• ASSIGNED TASK:
Go over the entries below line by line, copying each one that contains the word "wide".

>>

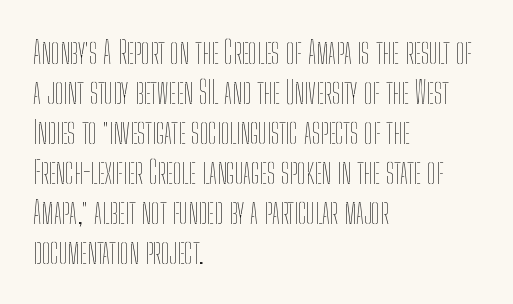
Q: Is the text bold? A: No.
Q: Is the text italic (slanted)? A: No, it is upright.
Q: Is the text underlined? A: No.
Q: How is the paragraph aligned? A: Left-aligned.
Q: Is the spacing between letters normal or unusually wide? A: Normal.
Q: Is the spacing between lines tight, normal or loose? A: Normal.
Q: Width (condensed, normal, or wide)? A: Condensed.
Q: Stroke contrast? A: Low.
Q: x-height? A: Medium.
Q: Monospaced? A: No.
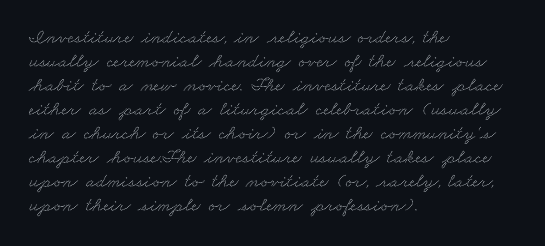
Has an underline been added? It has not. The compositor pushed each line to the left boundary. No extra tracking has been applied to these lines.
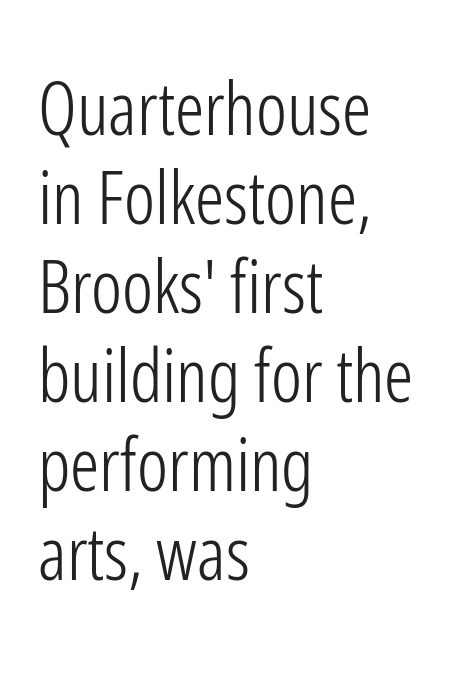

<<

• YOUR SOLUTION:
Q: Is the spacing between letters normal or unusually wide? A: Normal.
Q: Width (condensed, normal, or wide)? A: Condensed.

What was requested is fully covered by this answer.